** TASK INPUTS follows **

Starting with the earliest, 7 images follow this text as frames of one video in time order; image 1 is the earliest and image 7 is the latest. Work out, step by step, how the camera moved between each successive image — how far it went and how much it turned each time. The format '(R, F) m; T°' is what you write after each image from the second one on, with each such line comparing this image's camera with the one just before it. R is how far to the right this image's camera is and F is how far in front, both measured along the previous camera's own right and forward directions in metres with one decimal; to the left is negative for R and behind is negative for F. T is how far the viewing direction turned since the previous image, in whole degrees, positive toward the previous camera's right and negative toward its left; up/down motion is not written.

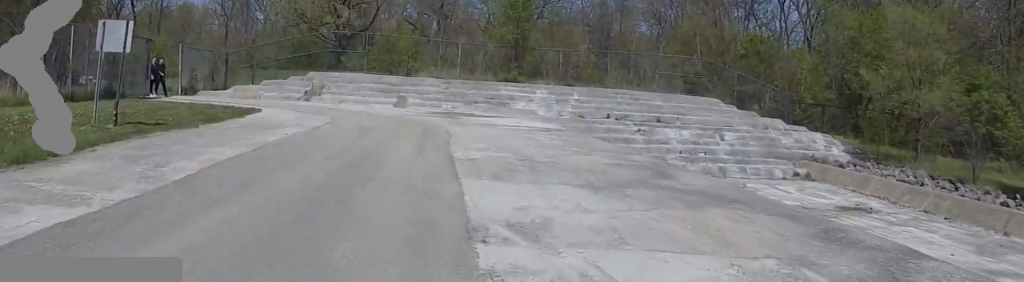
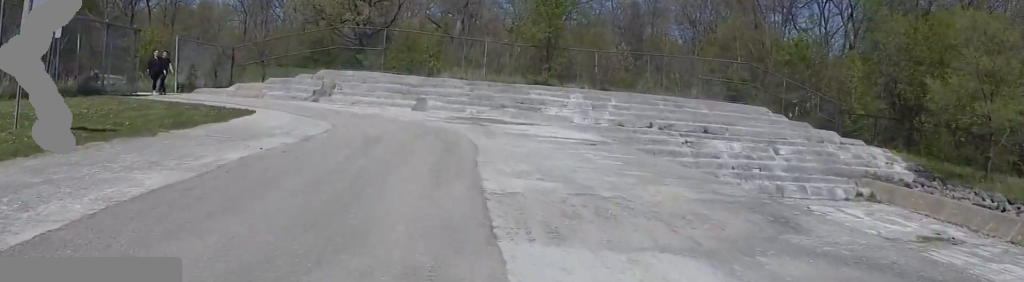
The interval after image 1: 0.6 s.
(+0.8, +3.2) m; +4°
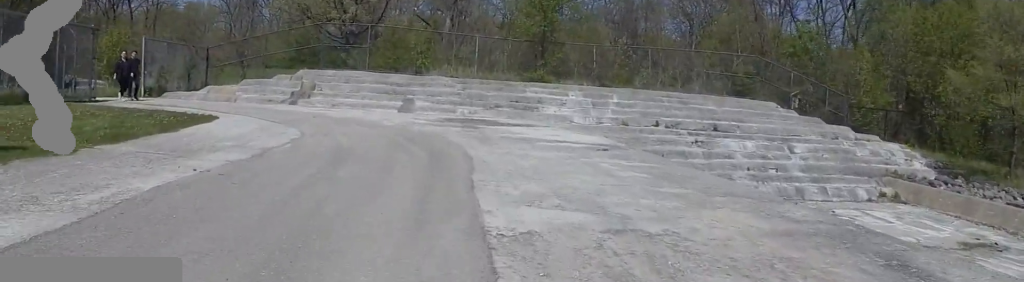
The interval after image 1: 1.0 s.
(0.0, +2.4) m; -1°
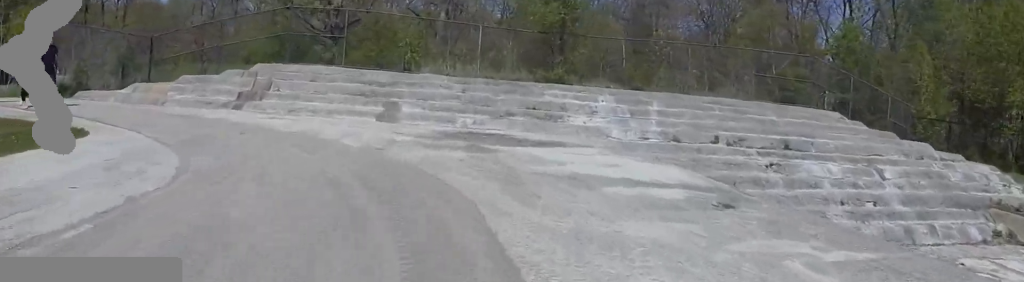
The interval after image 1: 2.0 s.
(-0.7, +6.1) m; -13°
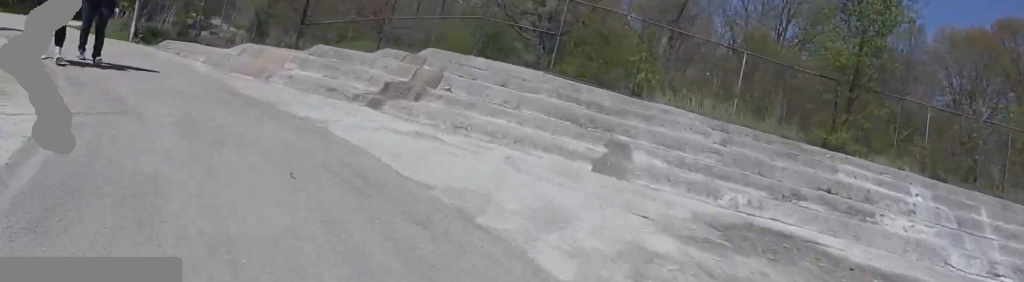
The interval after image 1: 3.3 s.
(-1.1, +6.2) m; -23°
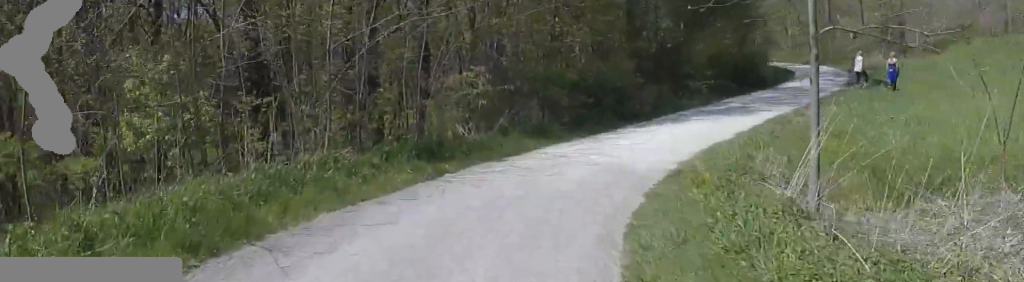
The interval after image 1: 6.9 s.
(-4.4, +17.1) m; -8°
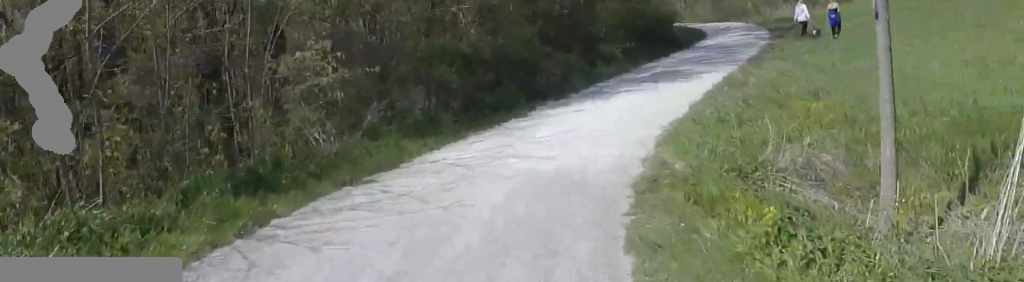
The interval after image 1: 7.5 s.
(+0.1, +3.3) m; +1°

** End of TASK INPUTS **

For this exercise, transcribe the data exactly but without its pictures.

**OUTPUT FOR THIS EXERCISE**.
Starting with the earliest, 7 images follow this text as frames of one video in time order; image 1 is the earliest and image 7 is the latest. Work out, step by step, how the camera moved between each successive image — how far it went and how much it turned each time. The format '(R, F) m; T°' is what you write after each image from the second one on, with each such line comparing this image's camera with the one just before it. R is how far to the right this image's camera is and F is how far in front, both measured along the previous camera's own right and forward directions in metres with one decimal; to the left is negative for R and behind is negative for F. T is how far the viewing direction turned since the previous image, in whole degrees, positive toward the previous camera's right and negative toward its left; up/down motion is not written.

The interval after image 1: 0.6 s.
(+0.8, +3.2) m; +4°
The interval after image 1: 1.0 s.
(0.0, +2.4) m; -1°
The interval after image 1: 2.0 s.
(-0.7, +6.1) m; -13°
The interval after image 1: 3.3 s.
(-1.1, +6.2) m; -23°
The interval after image 1: 6.9 s.
(-4.4, +17.1) m; -8°
The interval after image 1: 7.5 s.
(+0.1, +3.3) m; +1°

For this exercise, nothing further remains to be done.